These two news items illustrate a larger story about the United States in this moment.

The Biden administration has quite deliberately overturned the supply-side economics that came into ascendancy in 1981 when President Ronald Reagan took office and that remained dominant until 2021, when Biden entered the White House. Adherents of that ideology rejected the idea that the government should invest in the “demand side” of the economy—workers and other ordinary Americans—to develop the economy, as it had done since 1933.
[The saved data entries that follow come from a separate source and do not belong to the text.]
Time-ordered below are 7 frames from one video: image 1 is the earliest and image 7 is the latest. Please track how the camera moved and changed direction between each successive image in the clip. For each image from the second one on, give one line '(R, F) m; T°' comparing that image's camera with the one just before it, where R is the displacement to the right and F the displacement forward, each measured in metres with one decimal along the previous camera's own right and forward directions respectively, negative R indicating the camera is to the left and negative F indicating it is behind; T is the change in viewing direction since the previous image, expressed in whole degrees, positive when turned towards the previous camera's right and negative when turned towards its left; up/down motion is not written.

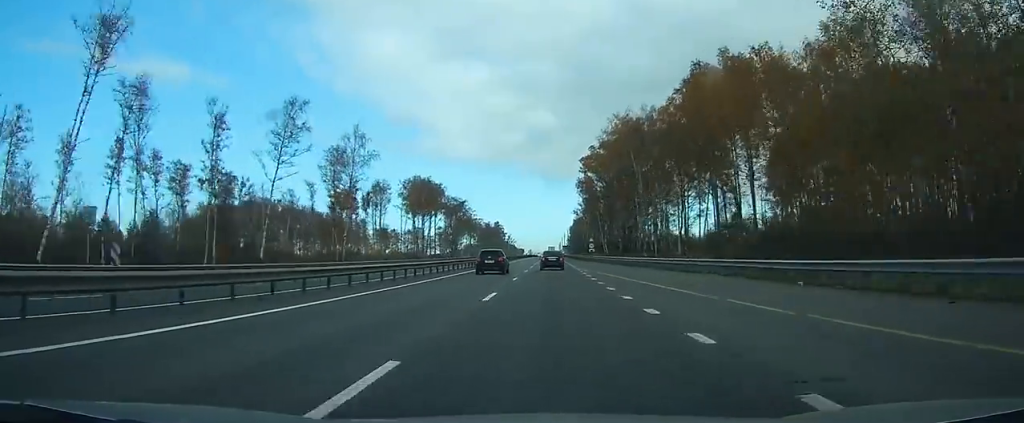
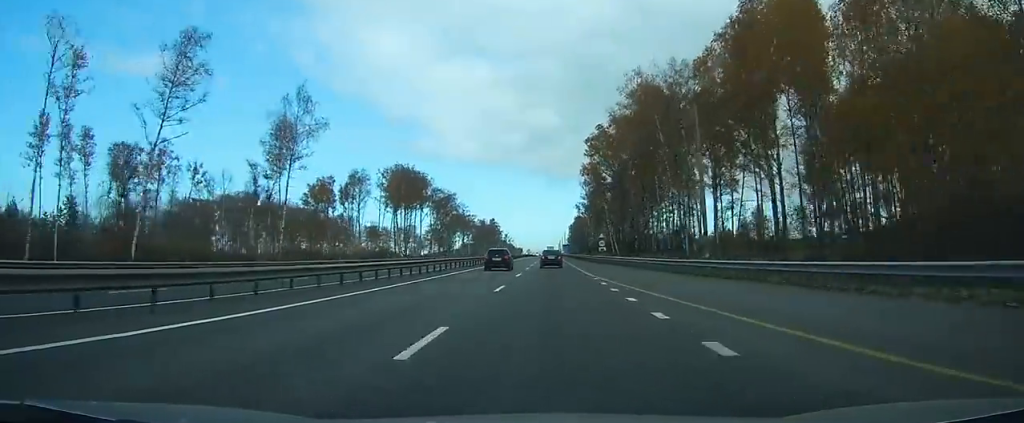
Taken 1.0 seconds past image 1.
(0.0, +21.2) m; 0°
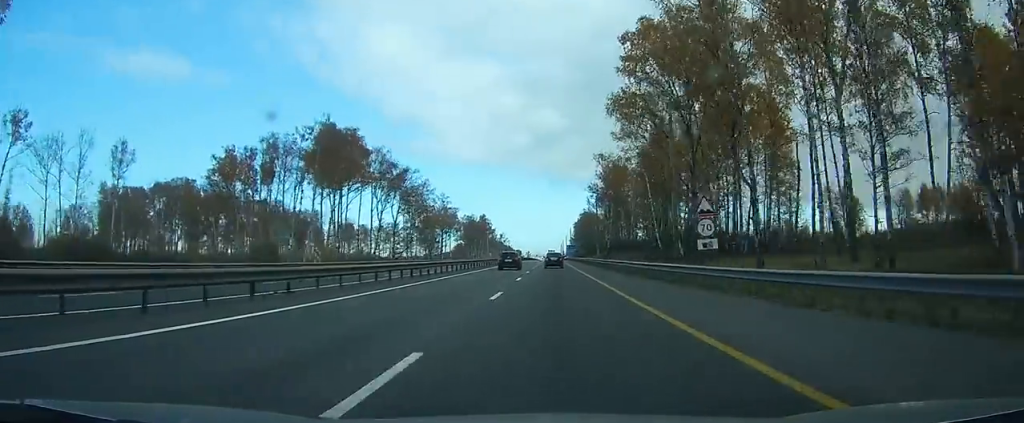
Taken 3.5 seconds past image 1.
(+0.2, +52.5) m; 0°
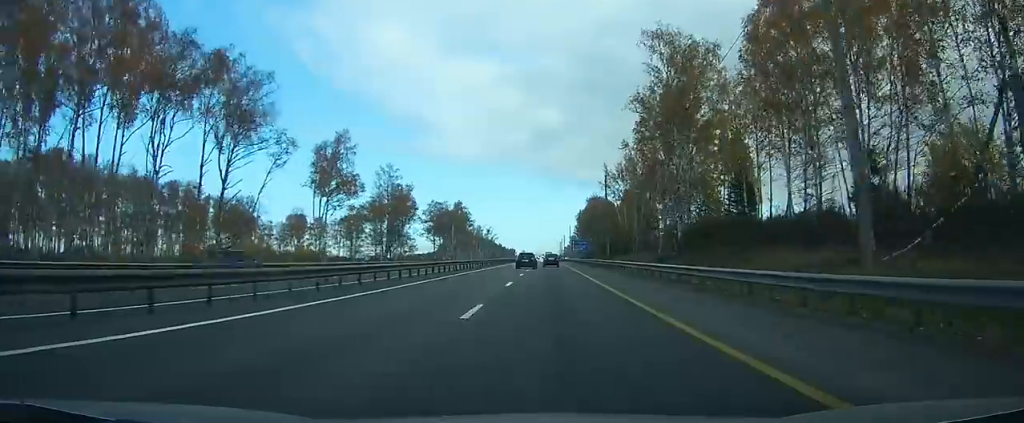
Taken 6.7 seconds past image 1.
(0.0, +64.2) m; 0°
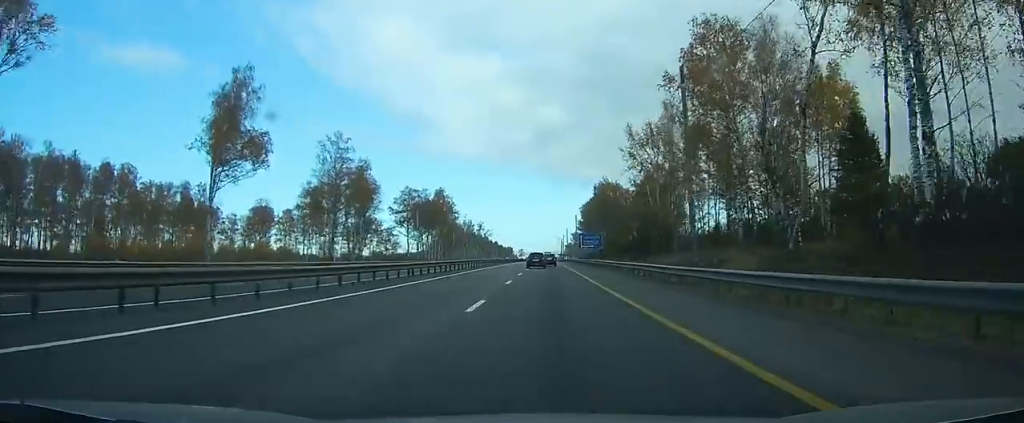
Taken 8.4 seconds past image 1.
(-0.2, +32.6) m; 0°
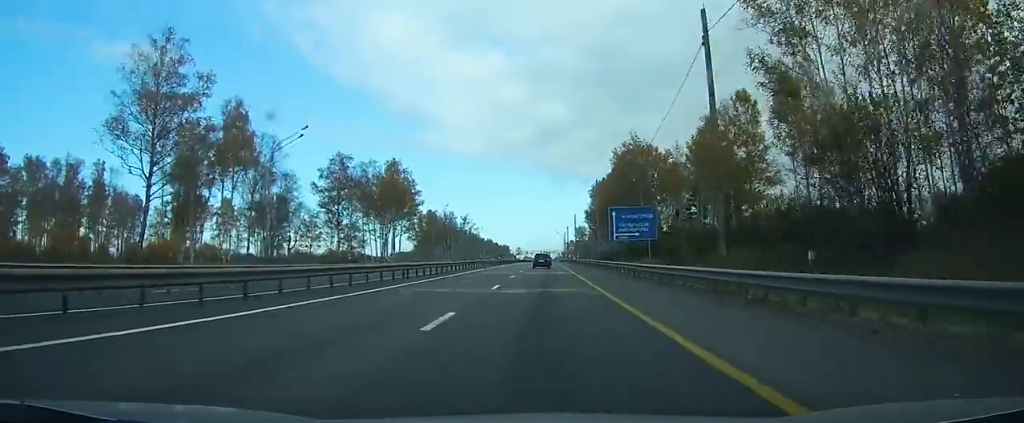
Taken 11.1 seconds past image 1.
(+0.1, +50.3) m; 0°
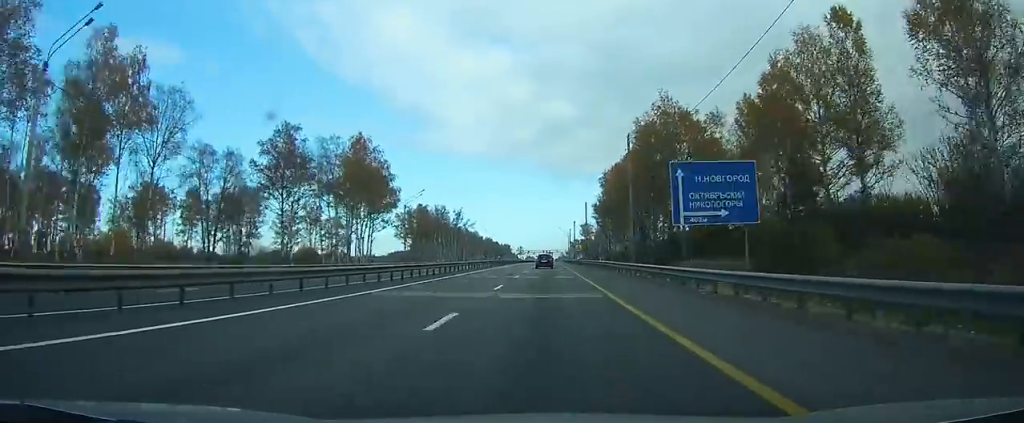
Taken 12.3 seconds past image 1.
(+0.2, +25.2) m; 0°
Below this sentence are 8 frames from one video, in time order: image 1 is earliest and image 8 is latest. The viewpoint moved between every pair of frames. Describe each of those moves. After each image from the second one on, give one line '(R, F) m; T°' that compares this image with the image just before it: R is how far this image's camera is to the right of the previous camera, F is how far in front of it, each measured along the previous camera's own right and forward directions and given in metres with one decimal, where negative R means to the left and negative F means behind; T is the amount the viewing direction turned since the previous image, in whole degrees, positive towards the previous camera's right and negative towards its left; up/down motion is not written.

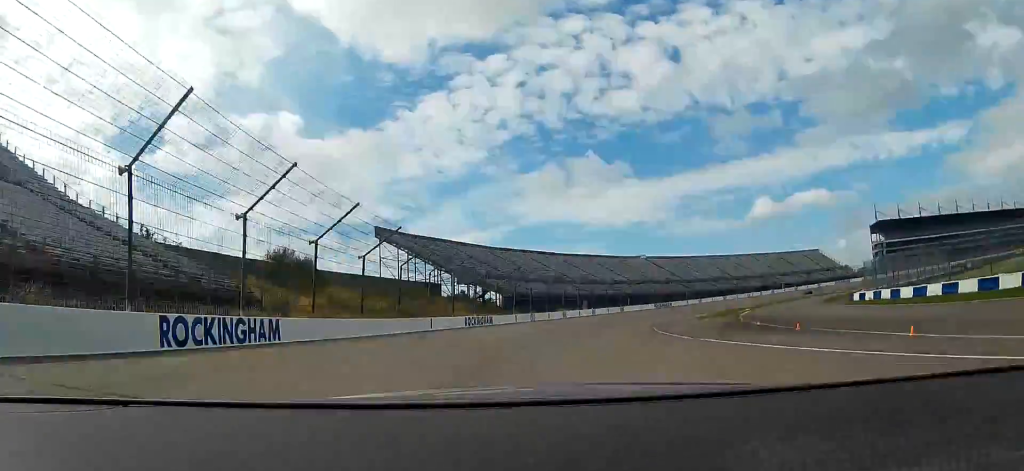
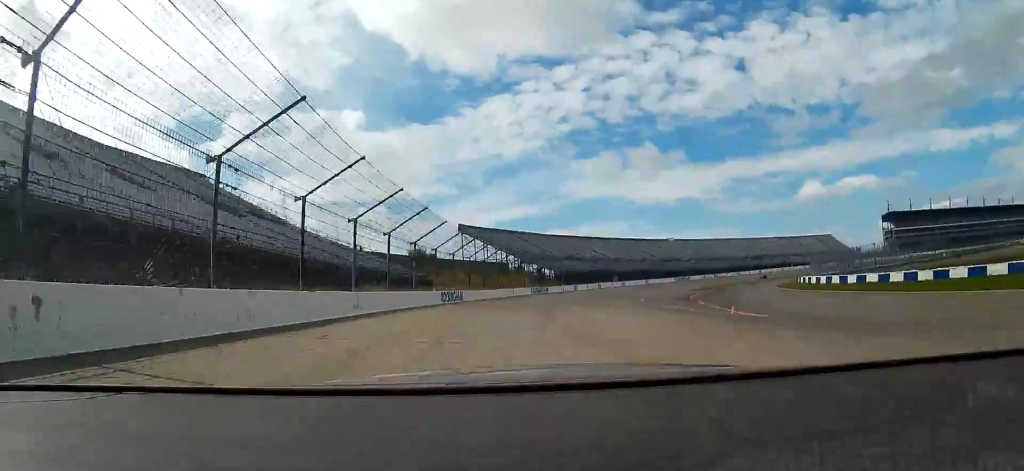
(-5.1, +36.4) m; -11°
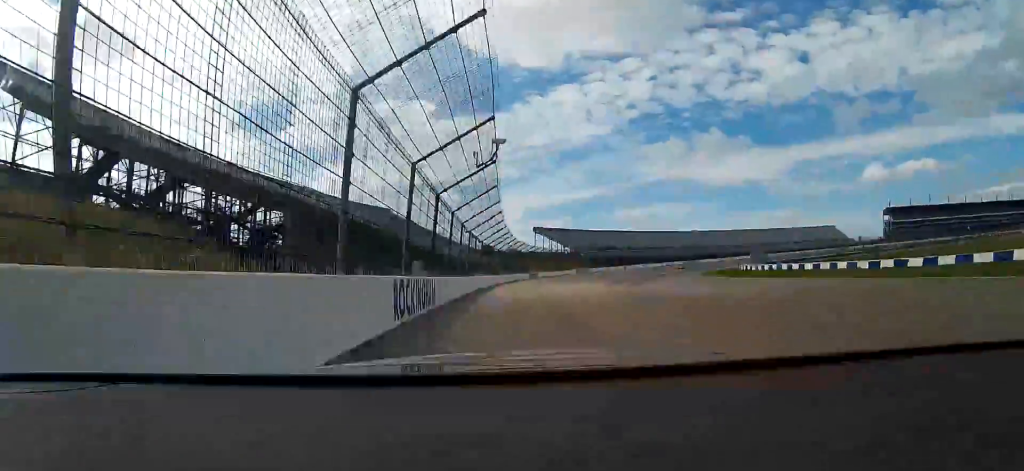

Instead, they maintained that the best way to nurture the economy was to support the “supply side”: those at the top. Cutting business regulations and slashing taxes would create prosperity, they said, by concentrating wealth in the hands of individuals who would invest in the economy more efficiently than they could if the government interfered in their choices. That smart investment would dramatically expand the economy, supporters argued, and everyone would do better.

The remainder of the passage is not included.